Exercise goal
Repeat every line of the data exactly; the pictures stay out.

Given information
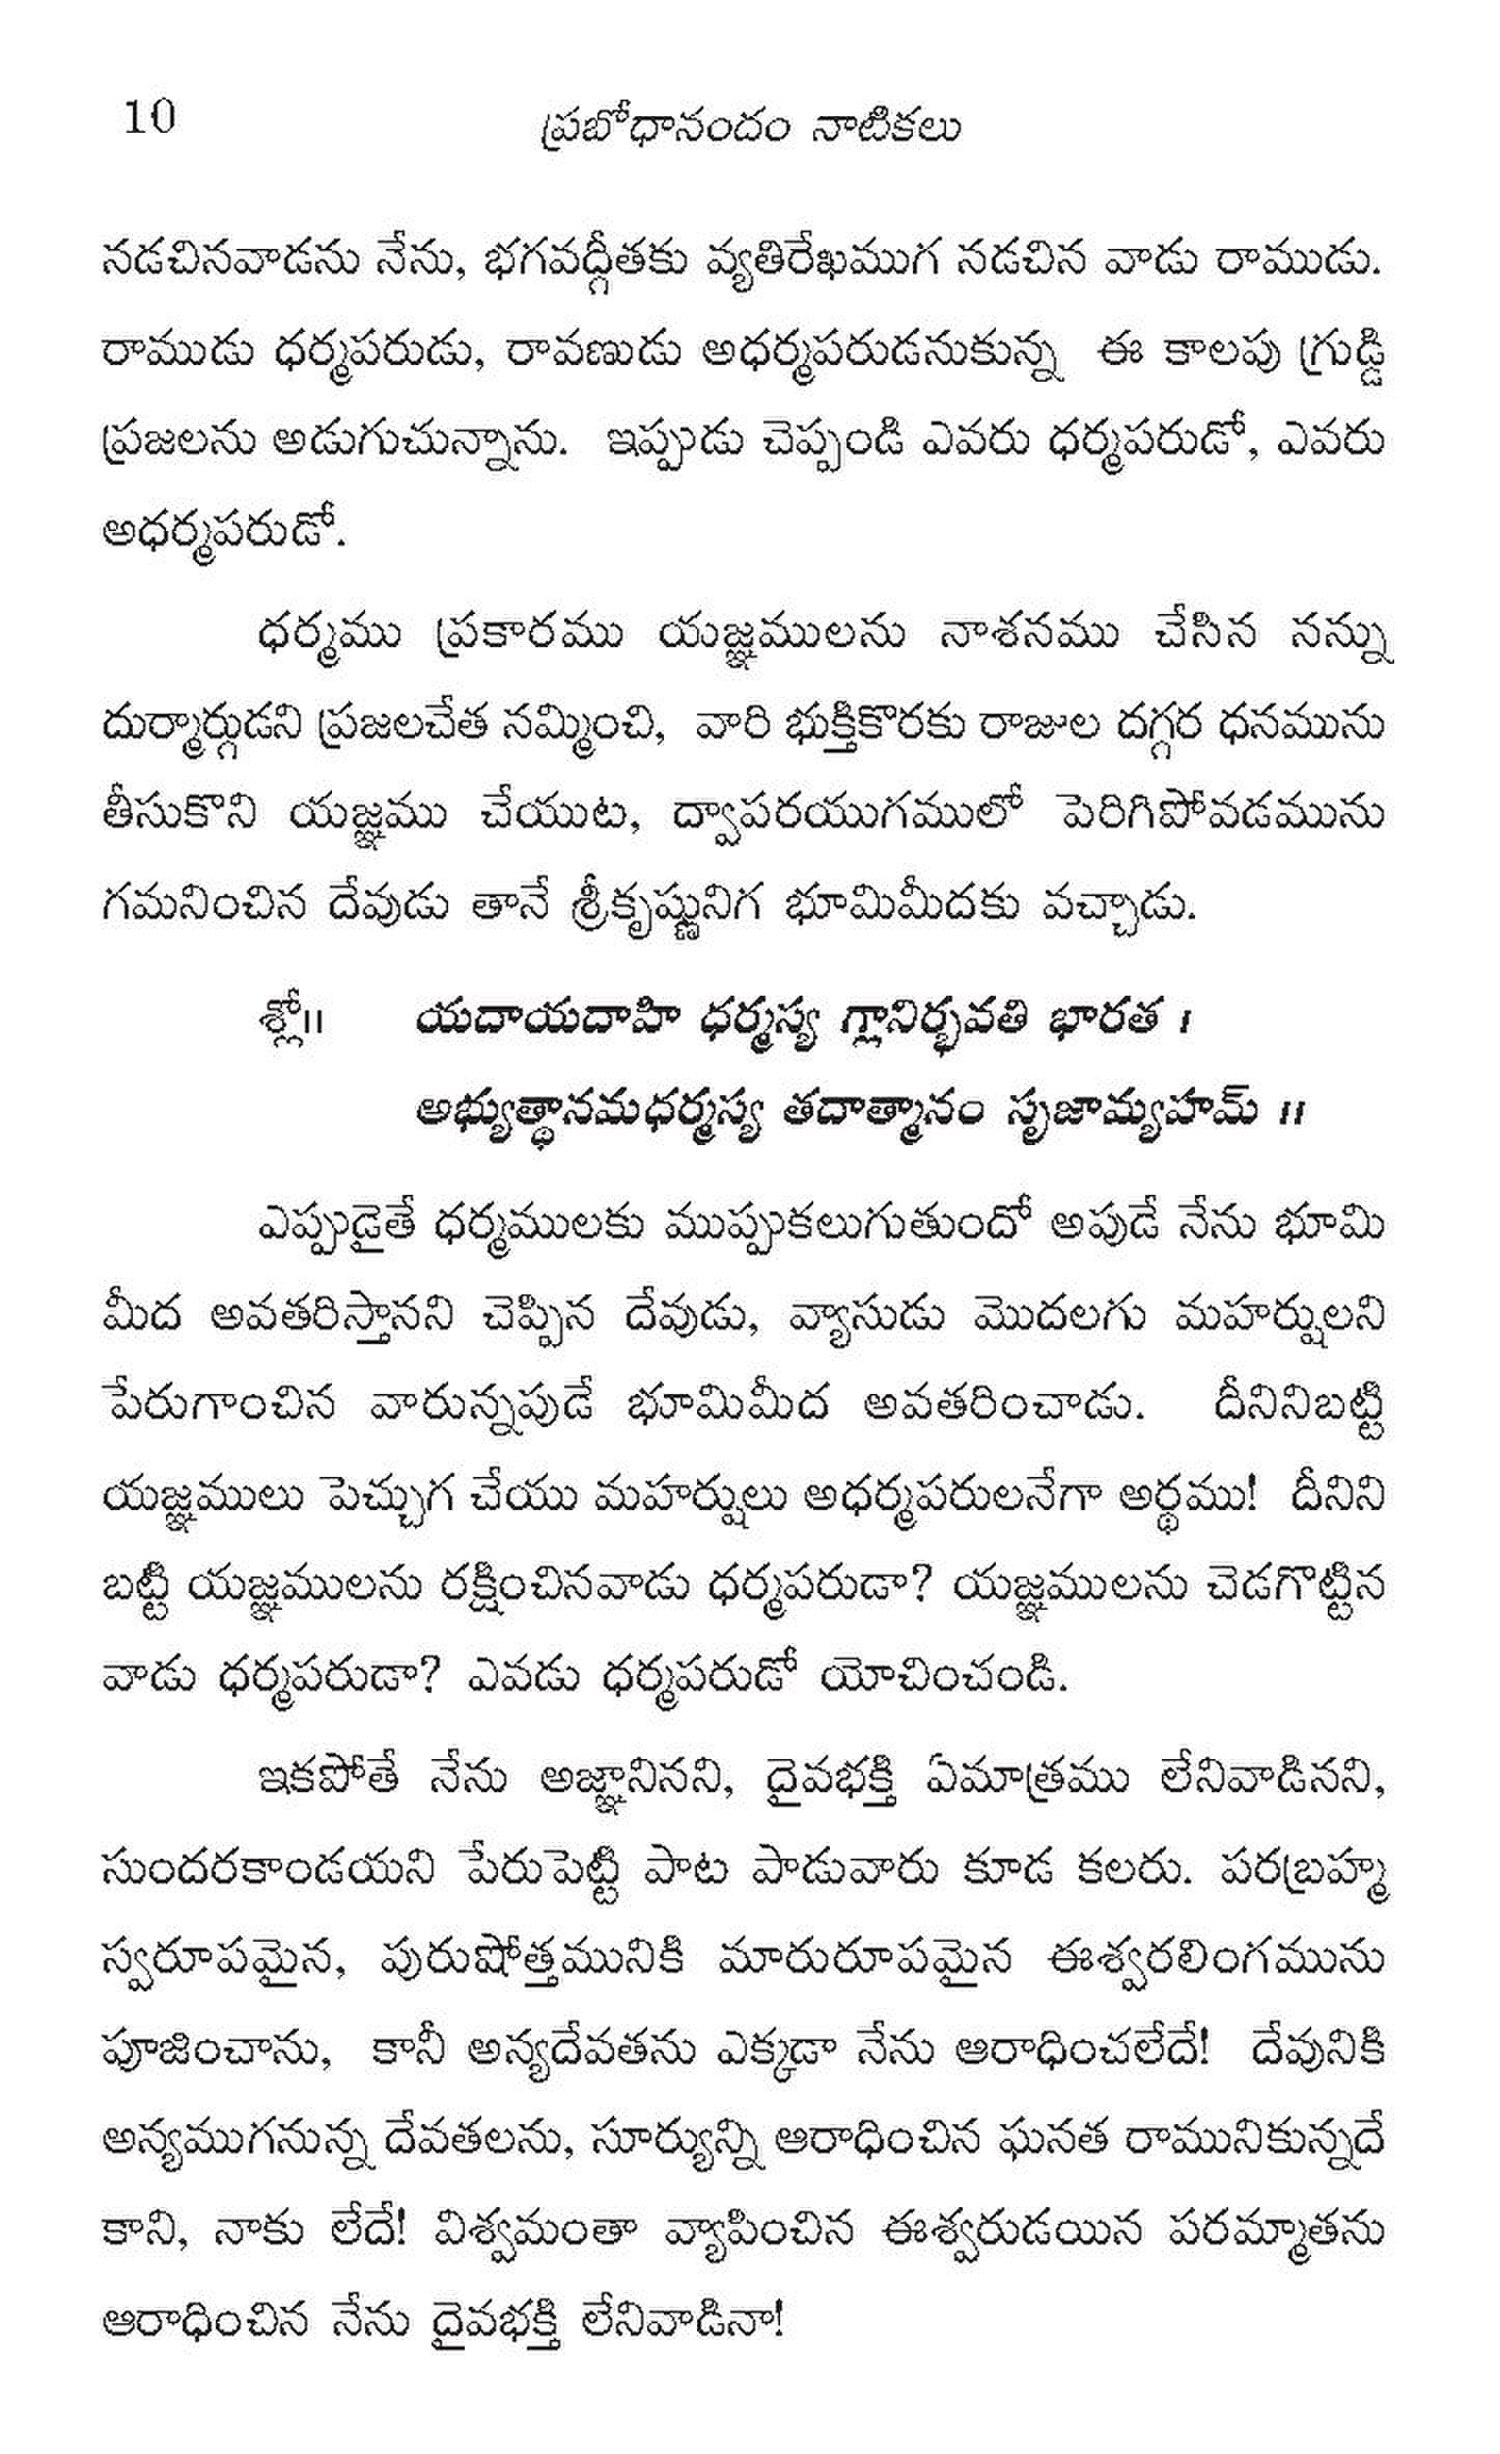నడచినవాడను నేను, భగవద్గీతకు వ్యతిరేఖముగ నడచిన వాడు రాముడు. రాముడు ధర్మపరుడు, రావణుడు అధర్మపరుడనుకున్న ఈ కాలపు గ్రుడ్డి ప్రజలను అడుగుచున్నాను. ఇప్పుడు చెప్పండి ఎవరు ధర్మపరుడో, ఎవరు అధర్మపరుడో.

ధర్మము ప్రకారము యజ్ఞములను నాశనము చేసిన నన్ను దుర్మార్గుడని ప్రజలచేత నమ్మించి, వారి భుక్తికొరకు రాజుల దగ్గర ధనమును తీసుకొని యజ్ఞము చేయుట, ద్వాపరయుగములో పెరిగిపోవడమును గమనించిన దేవుడు తానే శ్రీకృష్ణునిగ భూమిమీదకు వచ్చాడు.

ఎప్పుడైతే ధర్మములకు ముప్పుకలుగుతుందో అపుడే నేను భూమి మీద అవతరిస్తానని చెప్పిన దేవుడు, వ్యాసుడు మొదలగు మహర్షులని పేరుగాంచిన వారున్నపుడే భూమిమీద అవతరించాడు. దీనినిబట్టి యజ్ఞములు పెచ్చుగ చేయు మహర్షులు అధర్మపరులనేగా అర్థము! దీనిని బట్టి యజ్ఞములను రక్షించినవాడు ధర్మపరుడా? యజ్ఞములను చెడగొట్టిన వాడు ధర్మపరుడా? ఎవడు ధర్మపరుడో యోచించండి.

ఇకపోతే నేను అజ్ఞానినని, దైవభక్తి ఏమాత్రము లేనివాడినని, సుందరకాండయని పేరుపెట్టి పాట పాడువారు కూడ కలరు. పరబ్రహ్మ స్వరూపమైన, పురుషోత్తమునికి మారురూపమైన ఈశ్వరలింగమును పూజించాను, కానీ అన్యదేవతను ఎక్కడా నేను ఆరాధించలేదే! దేవునికి అన్యముగనున్న దేవతలను, సూర్యున్ని ఆరాధించిన ఘనత రామునికున్నదే కాని, నాకు లేదే! విశ్వమంతా వ్యాపించిన ఈశ్వరుడయిన పరమ్మాతను ఆరాధించిన నేను దైవభక్తి లేనివాడినా!

Task output
నడచినవాడను నేను, భగవద్గీతకు వ్యతిరేఖముగ నడచిన వాడు రాముడు. రాముడు ధర్మపరుడు, రావణుడు అధర్మపరుడనుకున్న ఈ కాలపు గ్రుడ్డి ప్రజలను అడుగుచున్నాను. ఇప్పుడు చెప్పండి ఎవరు ధర్మపరుడో, ఎవరు అధర్మపరుడో.

ధర్మము ప్రకారము యజ్ఞములను నాశనము చేసిన నన్ను దుర్మార్గుడని ప్రజలచేత నమ్మించి, వారి భుక్తికొరకు రాజుల దగ్గర ధనమును తీసుకొని యజ్ఞము చేయుట, ద్వాపరయుగములో పెరిగిపోవడమును గమనించిన దేవుడు తానే శ్రీకృష్ణునిగ భూమిమీదకు వచ్చాడు.

ఎప్పుడైతే ధర్మములకు ముప్పుకలుగుతుందో అపుడే నేను భూమి మీద అవతరిస్తానని చెప్పిన దేవుడు, వ్యాసుడు మొదలగు మహర్షులని పేరుగాంచిన వారున్నపుడే భూమిమీద అవతరించాడు. దీనినిబట్టి యజ్ఞములు పెచ్చుగ చేయు మహర్షులు అధర్మపరులనేగా అర్థము! దీనిని బట్టి యజ్ఞములను రక్షించినవాడు ధర్మపరుడా? యజ్ఞములను చెడగొట్టిన వాడు ధర్మపరుడా? ఎవడు ధర్మపరుడో యోచించండి.

ఇకపోతే నేను అజ్ఞానినని, దైవభక్తి ఏమాత్రము లేనివాడినని, సుందరకాండయని పేరుపెట్టి పాట పాడువారు కూడ కలరు. పరబ్రహ్మ స్వరూపమైన, పురుషోత్తమునికి మారురూపమైన ఈశ్వరలింగమును పూజించాను, కానీ అన్యదేవతను ఎక్కడా నేను ఆరాధించలేదే! దేవునికి అన్యముగనున్న దేవతలను, సూర్యున్ని ఆరాధించిన ఘనత రామునికున్నదే కాని, నాకు లేదే! విశ్వమంతా వ్యాపించిన ఈశ్వరుడయిన పరమ్మాతను ఆరాధించిన నేను దైవభక్తి లేనివాడినా!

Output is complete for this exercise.